What you return must be an exact copy of the lines in the listing below between the line holding "main class: Grassland" and the line holding "longitude: 3.0955", inclusive, and nothing more.

━━━━━ RECORDED INFORMATION

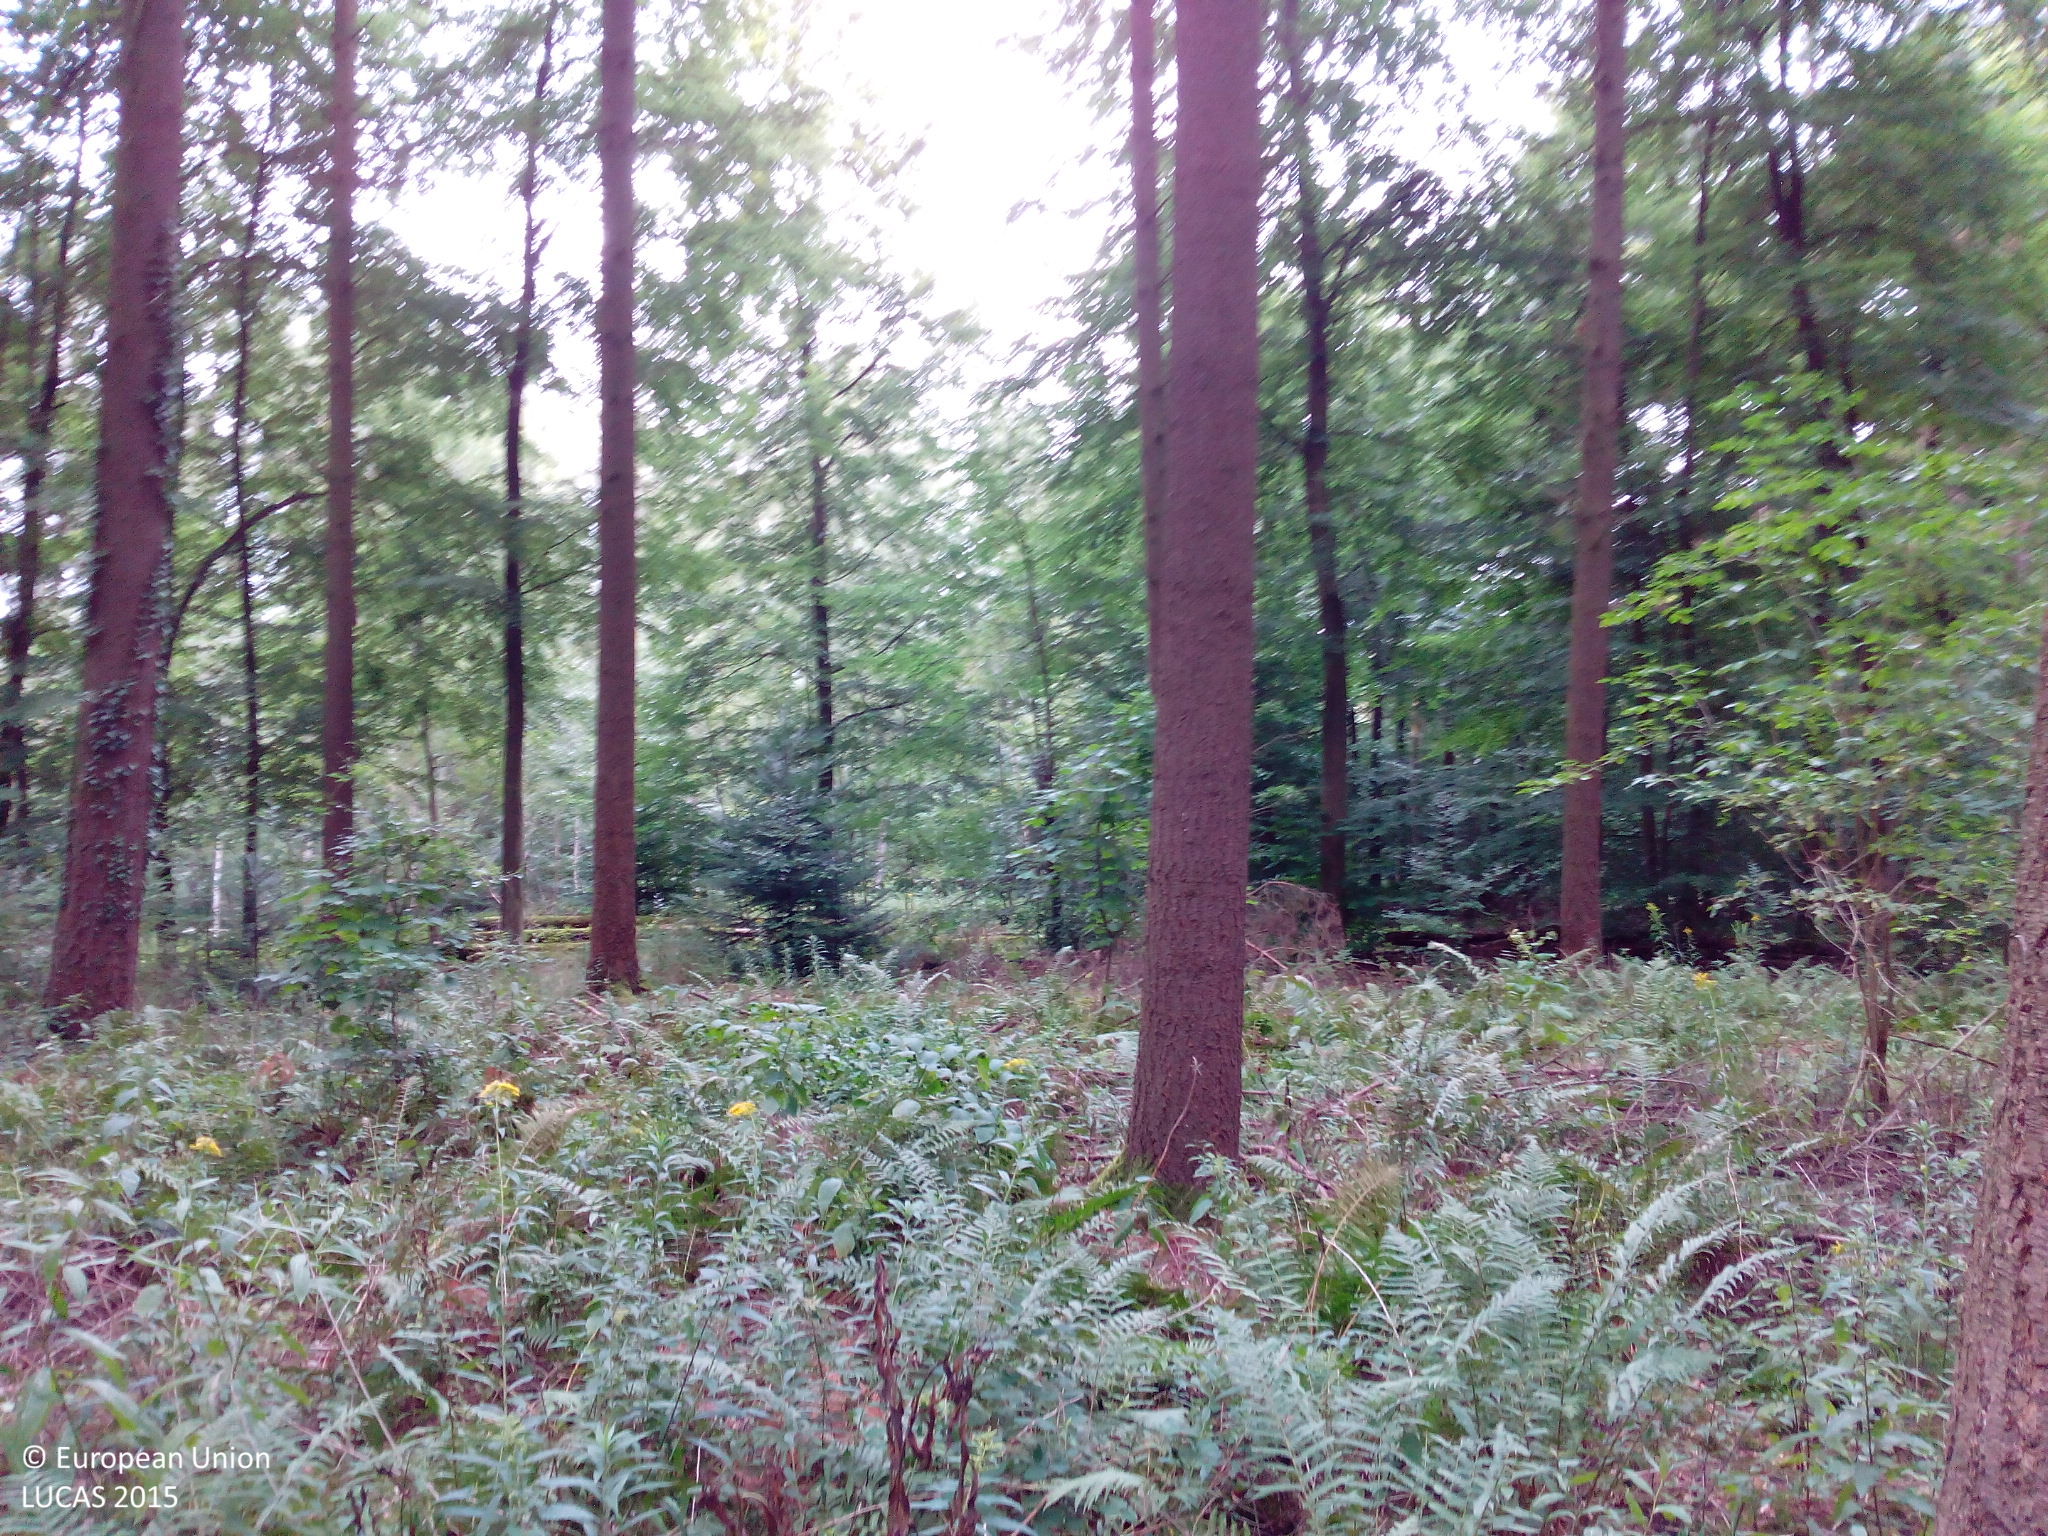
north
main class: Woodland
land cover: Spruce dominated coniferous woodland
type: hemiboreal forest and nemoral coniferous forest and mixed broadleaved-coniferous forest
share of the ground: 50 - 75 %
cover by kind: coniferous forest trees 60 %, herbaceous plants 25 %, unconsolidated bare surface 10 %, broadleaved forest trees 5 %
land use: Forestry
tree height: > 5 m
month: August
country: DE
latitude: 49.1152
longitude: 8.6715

━━━━━━━━━━
━━━━━ RECORDED INFORMATION

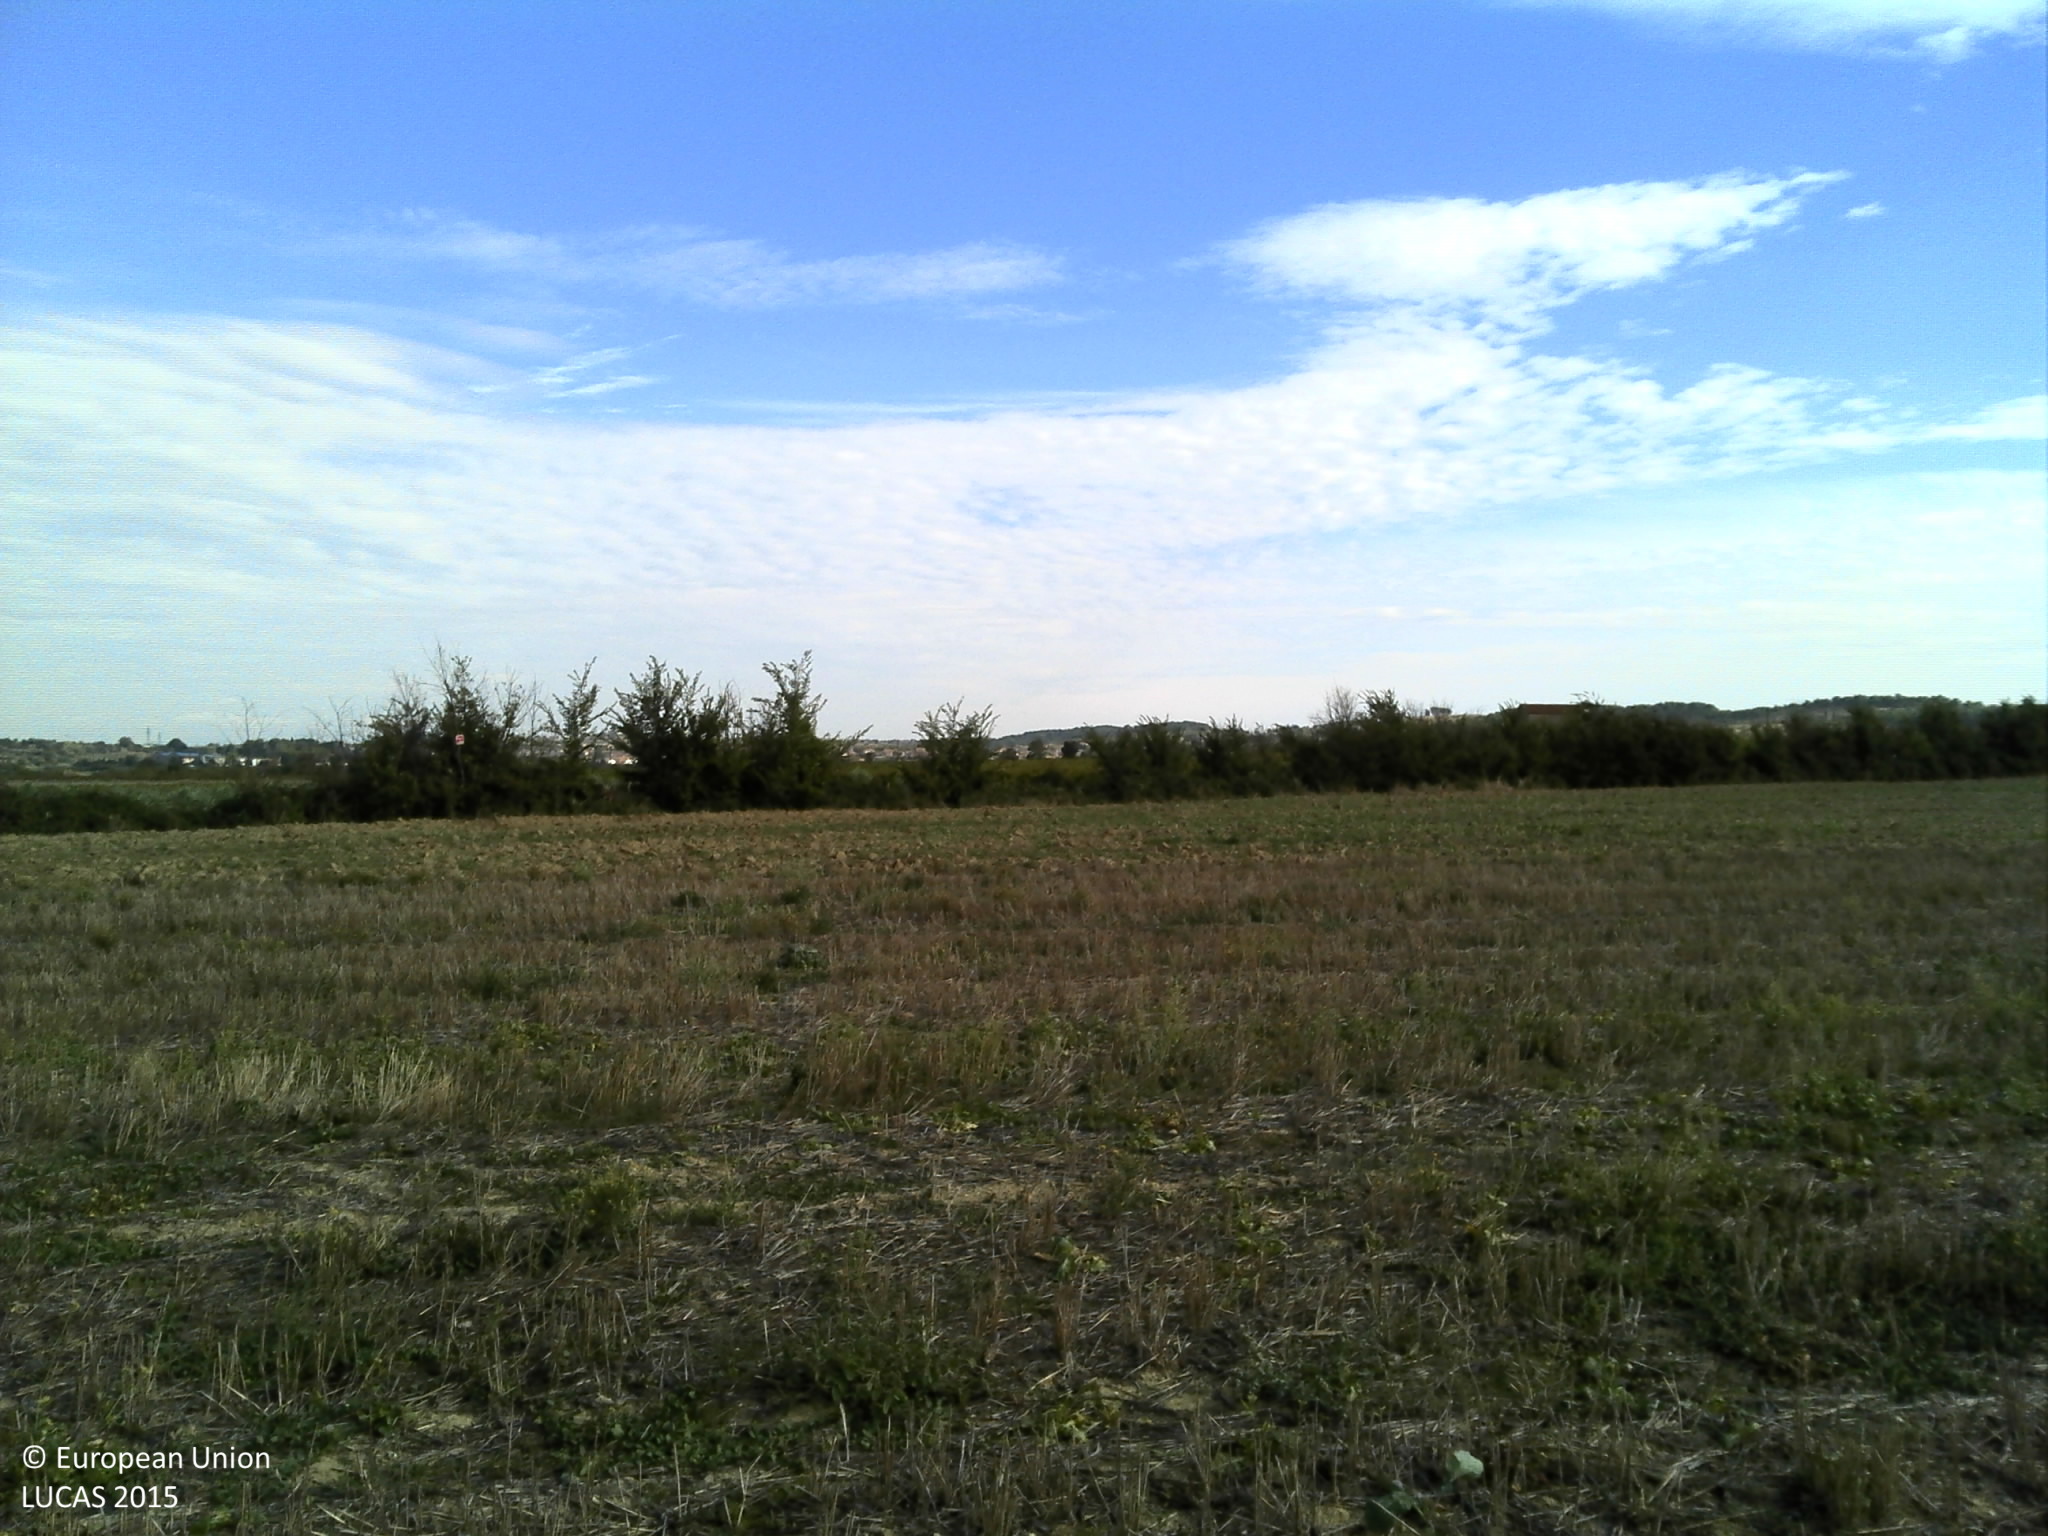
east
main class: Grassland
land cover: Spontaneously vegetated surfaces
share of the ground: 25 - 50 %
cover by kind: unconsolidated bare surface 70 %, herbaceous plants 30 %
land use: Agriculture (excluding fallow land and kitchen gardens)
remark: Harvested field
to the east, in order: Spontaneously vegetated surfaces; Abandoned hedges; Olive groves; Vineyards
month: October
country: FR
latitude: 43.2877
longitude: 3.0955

━━━━━━━━━━
━━━━━ RECORDED INFORMATION

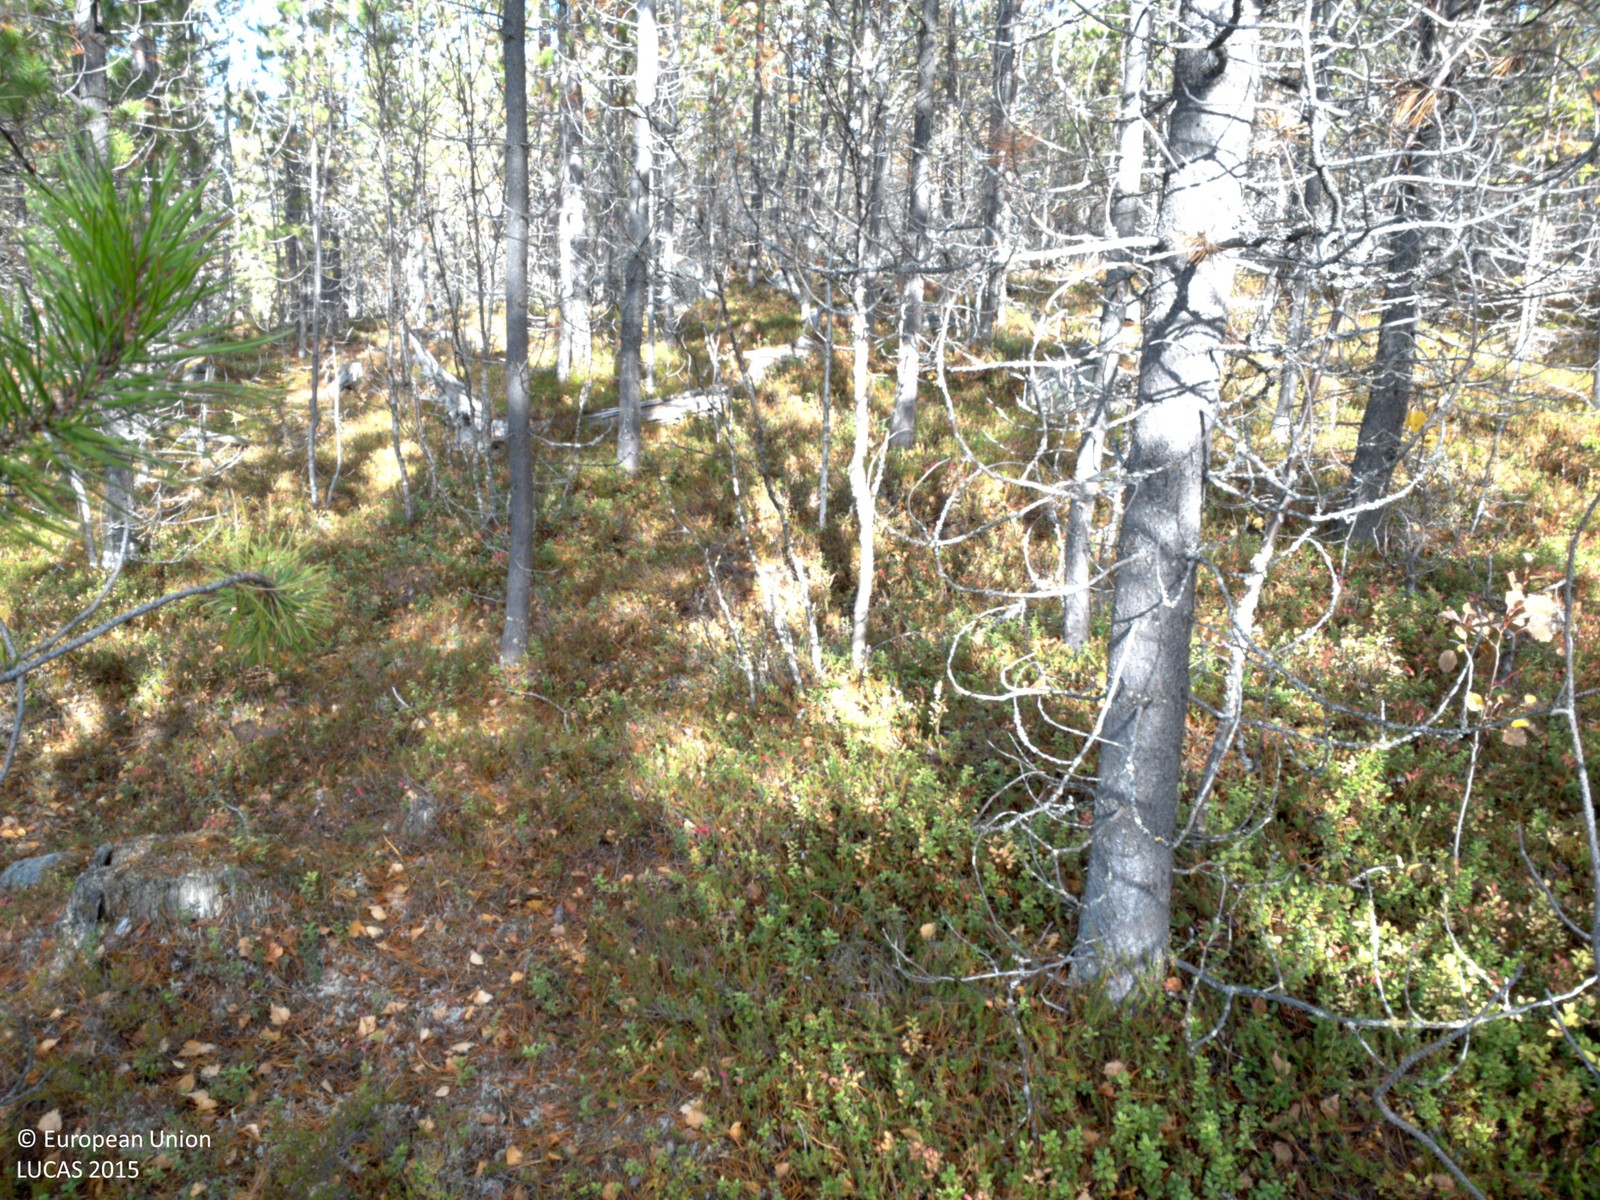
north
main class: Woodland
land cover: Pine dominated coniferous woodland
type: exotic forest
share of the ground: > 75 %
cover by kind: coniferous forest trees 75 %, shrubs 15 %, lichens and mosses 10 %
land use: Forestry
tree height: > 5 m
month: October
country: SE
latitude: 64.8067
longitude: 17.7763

━━━━━━━━━━

SOLVED EXERCISE |
main class: Grassland
land cover: Spontaneously vegetated surfaces
share of the ground: 25 - 50 %
cover by kind: unconsolidated bare surface 70 %, herbaceous plants 30 %
land use: Agriculture (excluding fallow land and kitchen gardens)
remark: Harvested field
to the east, in order: Spontaneously vegetated surfaces; Abandoned hedges; Olive groves; Vineyards
month: October
country: FR
latitude: 43.2877
longitude: 3.0955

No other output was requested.